Entropy Meets Importance: A Unified Head Importance-Entropy Score for Stable and Efficient Transformer Pruning
This addresses efficiency challenges in deploying transformer models for NLP tasks, offering a more stable and accurate pruning method, though it is incremental as it builds on existing gradient-based approaches.
The paper tackled the problem of pruning transformer models efficiently without sacrificing accuracy or stability by introducing a new pruning criterion, HIES, which integrates head importance scores with attention entropy. The result was up to 15.2% improvement in model quality and 2.04x improvement in stability over existing methods.

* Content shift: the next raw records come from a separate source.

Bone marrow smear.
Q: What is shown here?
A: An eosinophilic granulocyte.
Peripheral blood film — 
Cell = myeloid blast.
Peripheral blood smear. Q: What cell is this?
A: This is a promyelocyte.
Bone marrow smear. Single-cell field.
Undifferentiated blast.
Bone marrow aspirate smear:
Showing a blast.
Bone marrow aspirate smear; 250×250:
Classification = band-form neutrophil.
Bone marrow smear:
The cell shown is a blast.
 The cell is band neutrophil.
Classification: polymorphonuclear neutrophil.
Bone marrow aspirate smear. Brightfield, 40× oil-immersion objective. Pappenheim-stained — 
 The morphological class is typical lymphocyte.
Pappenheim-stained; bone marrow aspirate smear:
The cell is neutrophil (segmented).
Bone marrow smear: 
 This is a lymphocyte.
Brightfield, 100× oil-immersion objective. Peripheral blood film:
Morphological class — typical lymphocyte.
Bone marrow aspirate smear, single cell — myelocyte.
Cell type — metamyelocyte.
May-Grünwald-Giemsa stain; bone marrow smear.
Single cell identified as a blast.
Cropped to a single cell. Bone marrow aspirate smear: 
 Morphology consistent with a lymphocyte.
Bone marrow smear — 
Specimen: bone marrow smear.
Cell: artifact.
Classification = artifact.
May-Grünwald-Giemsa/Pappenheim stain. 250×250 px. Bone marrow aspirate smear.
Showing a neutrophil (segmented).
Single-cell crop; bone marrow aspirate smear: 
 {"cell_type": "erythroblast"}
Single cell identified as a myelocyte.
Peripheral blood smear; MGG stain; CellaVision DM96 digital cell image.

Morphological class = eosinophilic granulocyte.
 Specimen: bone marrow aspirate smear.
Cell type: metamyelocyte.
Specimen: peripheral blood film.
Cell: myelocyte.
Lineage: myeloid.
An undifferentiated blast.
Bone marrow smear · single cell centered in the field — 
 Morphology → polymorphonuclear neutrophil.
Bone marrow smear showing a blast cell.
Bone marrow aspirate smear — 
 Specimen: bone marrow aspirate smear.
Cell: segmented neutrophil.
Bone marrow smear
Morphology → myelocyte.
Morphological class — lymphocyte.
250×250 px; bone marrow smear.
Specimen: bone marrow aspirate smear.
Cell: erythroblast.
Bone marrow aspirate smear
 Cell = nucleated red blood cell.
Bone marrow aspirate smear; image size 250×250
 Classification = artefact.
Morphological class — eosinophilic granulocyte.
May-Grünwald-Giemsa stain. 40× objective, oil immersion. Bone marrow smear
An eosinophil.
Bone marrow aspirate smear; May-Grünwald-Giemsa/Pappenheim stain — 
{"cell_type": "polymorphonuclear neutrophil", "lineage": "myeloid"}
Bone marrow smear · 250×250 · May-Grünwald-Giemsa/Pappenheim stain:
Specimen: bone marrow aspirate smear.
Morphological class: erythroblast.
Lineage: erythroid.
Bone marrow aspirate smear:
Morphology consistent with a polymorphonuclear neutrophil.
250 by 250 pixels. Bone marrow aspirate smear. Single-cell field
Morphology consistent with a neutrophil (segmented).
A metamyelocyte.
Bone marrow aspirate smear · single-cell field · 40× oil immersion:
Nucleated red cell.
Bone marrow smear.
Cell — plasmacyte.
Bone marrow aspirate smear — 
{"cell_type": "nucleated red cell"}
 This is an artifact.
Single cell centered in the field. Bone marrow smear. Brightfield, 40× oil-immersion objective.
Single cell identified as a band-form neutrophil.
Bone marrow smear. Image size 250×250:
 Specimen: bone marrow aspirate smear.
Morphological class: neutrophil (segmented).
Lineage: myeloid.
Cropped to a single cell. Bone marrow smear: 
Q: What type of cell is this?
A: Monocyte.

Transformer-based models have achieved remarkable performance in NLP tasks. However, their structural characteristics-multiple layers and attention heads-introduce efficiency challenges in inference and deployment. To address these challenges, various pruning methods have recently been proposed. Notably, gradient-based methods using Head Importance Scores (HIS) have gained traction for interpretability, efficiency, and ability to identify redundant heads. However, HIS alone has limitations as it captures only the gradient-driven contribution, overlooking the diversity of attention patterns. To overcome these limitations, we introduce a novel pruning criterion, HIES (Head Importance-Entropy Score), which integrates head importance scores with attention entropy, providing complementary evidence on per-head contribution. Empirically, HIES-based pruning yields up to 15.2% improvement in model quality and 2.04x improvement in stability over HIS-only methods, enabling substantial model compression without sacrificing either accuracy or stability. Code will be released upon publication.